To all- I have had dogs for YEARS and, to be honest, these are never things that occurred to me. They make perfect sense. I can't believe I didn't think of those reasons myself! See, I may not be a kibble feeder anymore, but it just goes to show that I can still learn new things about kibble feeding. I feel like I was a terrible owner while I was kibble feeding now (not that my boy didn't hoover his food regardless of lack of variety lol). Thanks all!

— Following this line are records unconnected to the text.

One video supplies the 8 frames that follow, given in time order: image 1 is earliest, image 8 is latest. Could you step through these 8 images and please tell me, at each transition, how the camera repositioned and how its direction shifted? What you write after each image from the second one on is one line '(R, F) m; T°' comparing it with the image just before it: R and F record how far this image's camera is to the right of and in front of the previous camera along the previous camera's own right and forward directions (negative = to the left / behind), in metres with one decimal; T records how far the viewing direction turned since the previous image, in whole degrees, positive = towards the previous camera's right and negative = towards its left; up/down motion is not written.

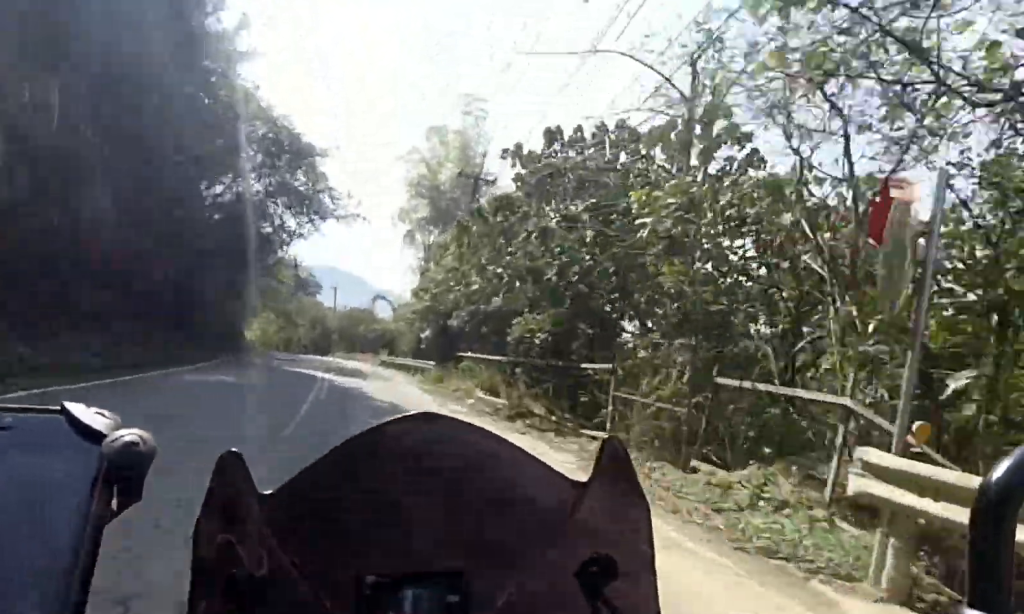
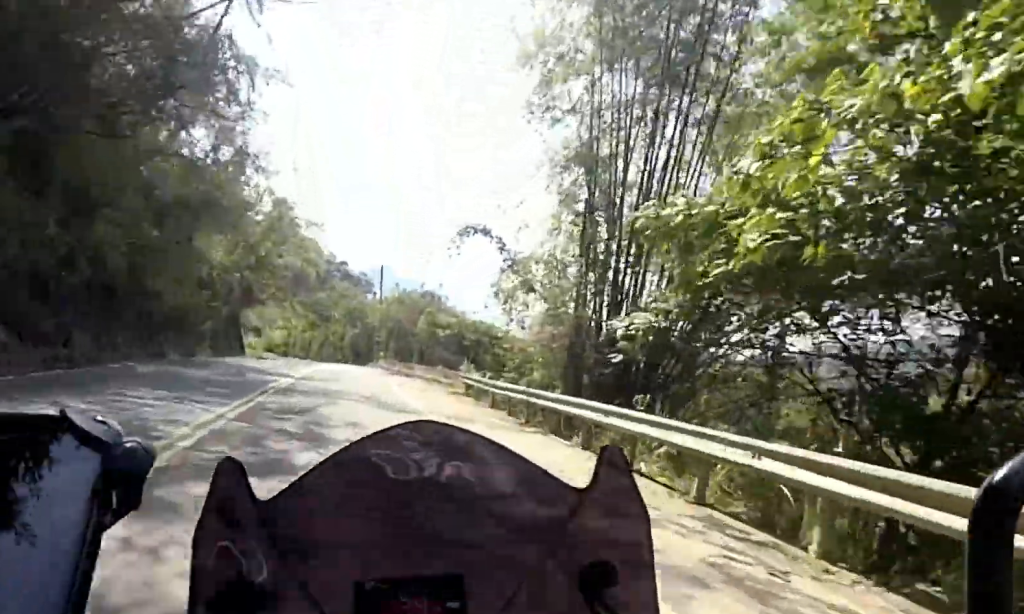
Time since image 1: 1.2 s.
(+0.5, +27.4) m; +2°
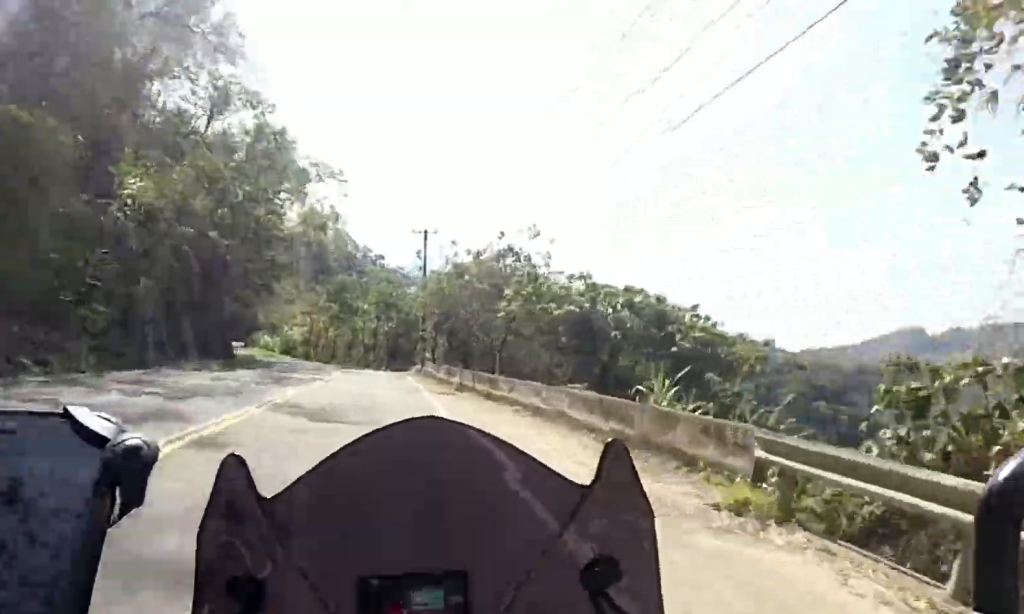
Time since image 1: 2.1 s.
(+0.7, +17.4) m; -1°
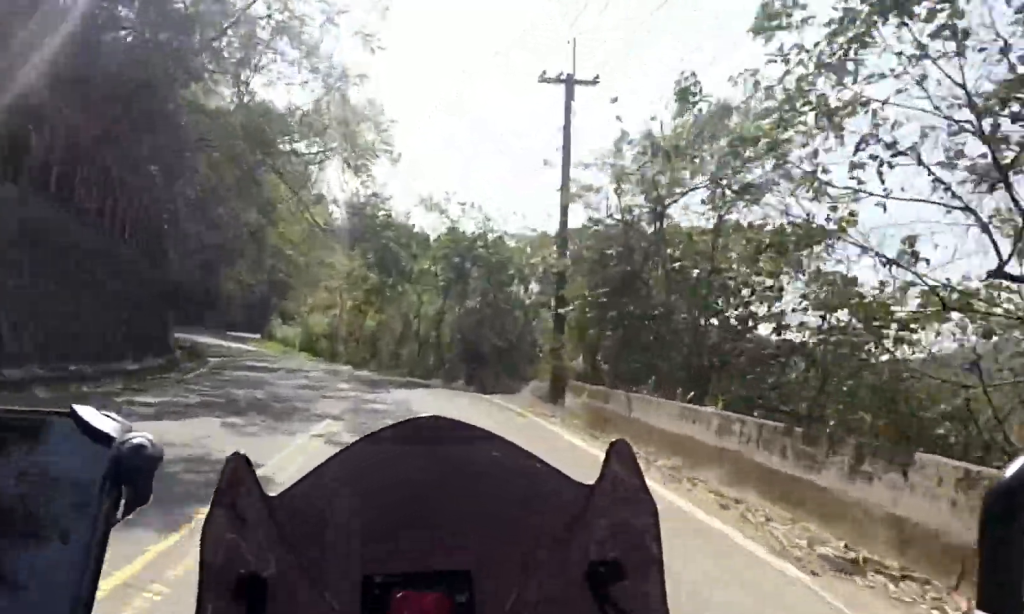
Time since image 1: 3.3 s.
(-1.7, +24.0) m; -8°
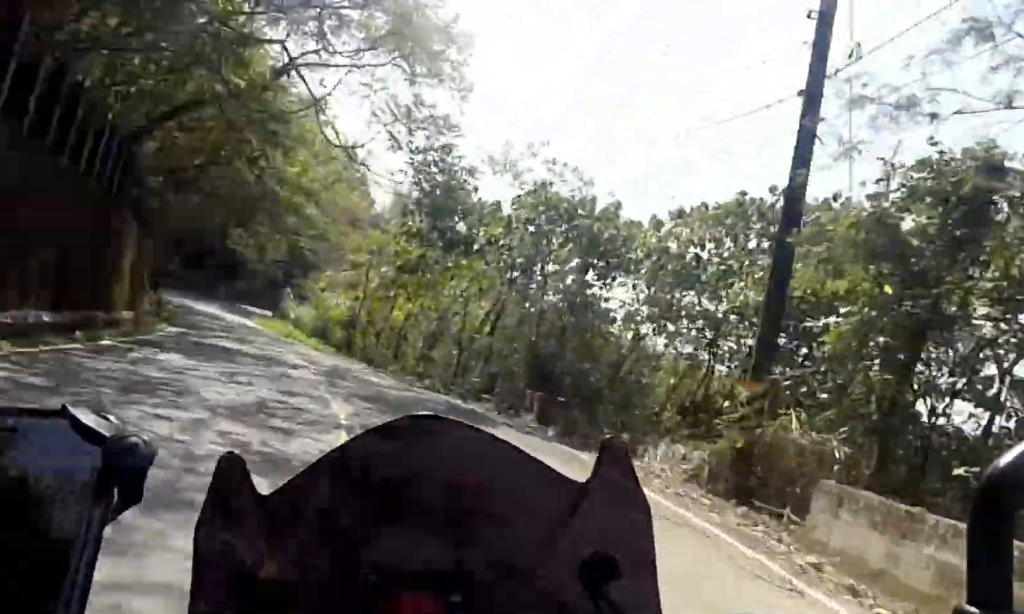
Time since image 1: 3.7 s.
(0.0, +9.3) m; -4°
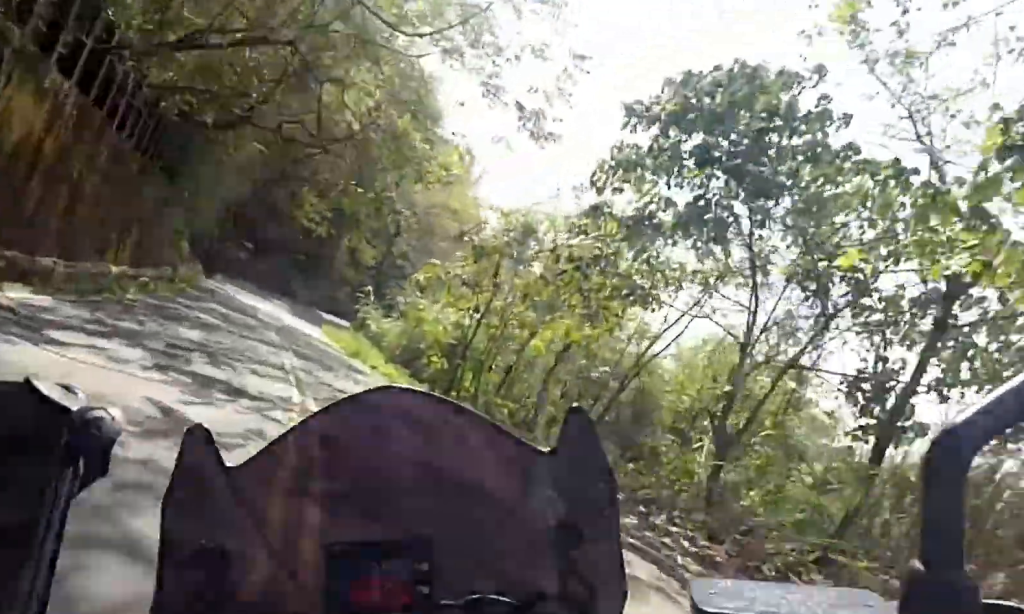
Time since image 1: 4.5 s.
(-1.3, +15.1) m; -6°
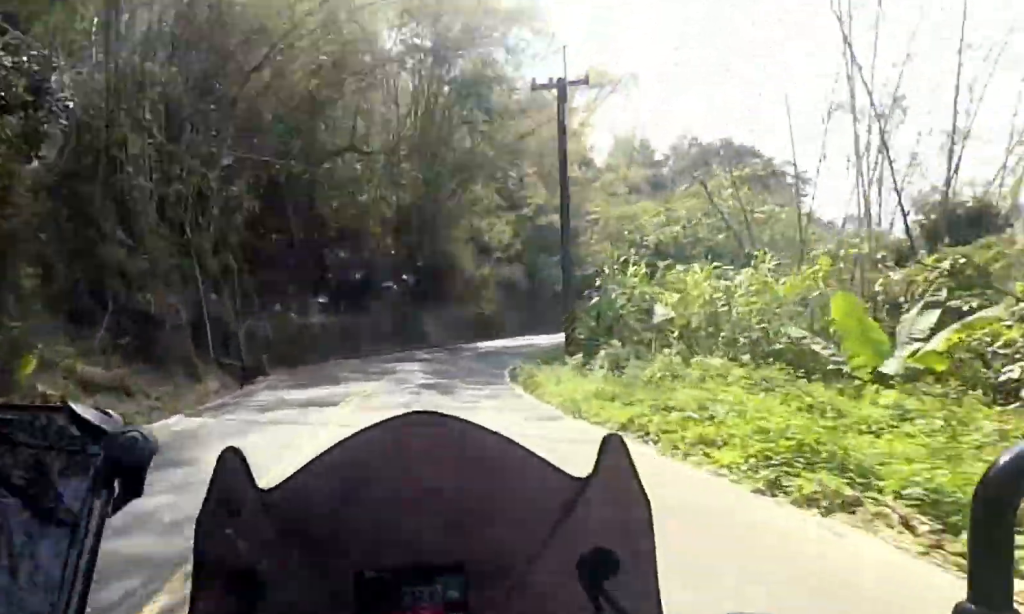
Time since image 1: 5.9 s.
(-1.3, +26.2) m; -3°
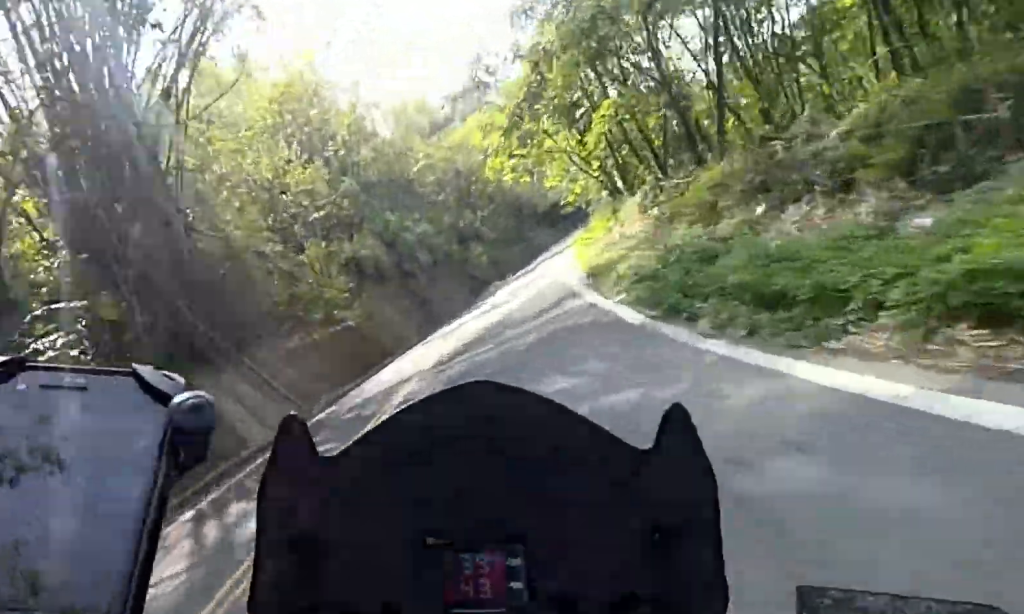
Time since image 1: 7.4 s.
(+3.9, +26.5) m; +21°

I feel very educated now


----------



## doggiedad (Jan 23, 2011)

i always switch brands of kibble from bag to bag.
i also keep different brands of can food on hand. 
i also feed my dog raw ground beef, cooked boneless
and skinless chicken breast, can fish (in water no salt added),
fresh fish, salmon oil, organic yogurt, quinoa, millet, rice, ground flax seed,
Asian pears (he won't eat other varieties), apples. i sure there's more i feed
him but i can't think of it a the moment. i like giving my dog a variety
of good food. i read somewhere when you switch kibble and can your dog
receives nutrients from one brand that might not be in another brand.
feeding a dog the samething a couple of times a day seems boring besides
when feeding a variety your dog gets a variety of nutrients.


----------



## Serendipity (Aug 13, 2010)

doggiedad said:


> i always switch brands of kibble from bag to bag.
> i also keep different brands of can food on hand.
> i also feed my dog raw ground beef, cooked boneless
> and skinless chicken breast, can fish (in water no salt added),
> ...


Just curious -- why are you adding more carbs to your dog's food?


----------



## doggiedad (Jan 23, 2011)

how much is to much??



doggiedad said:


> i always switch brands of kibble from bag to bag.
> i also keep different brands of can food on hand.
> i also feed my dog raw ground beef, cooked boneless
> and skinless chicken breast, can fish (in water no salt added),
> ...





Serendipity said:


> Just curious -- why are you adding more carbs to your dog's food?


----------



## Scarlett_O' (May 19, 2011)

doggiedad said:


> how much is to much??


Umm.let me think about that one...OH YA!! _*Any/all!!*_


----------



## doggiedad (Jan 23, 2011)

are dogs not allowed to have carbs? why are carbs bad for them?



Serendipity said:


> Just curious -- why are you adding more carbs to your dog's food?





doggiedad said:


> how much is to much?
> 
> 
> 
> ...


----------



## Liz (Sep 27, 2010)

Dogs get everything they need frommeat, organ and bone. They do not digest most carbs.


----------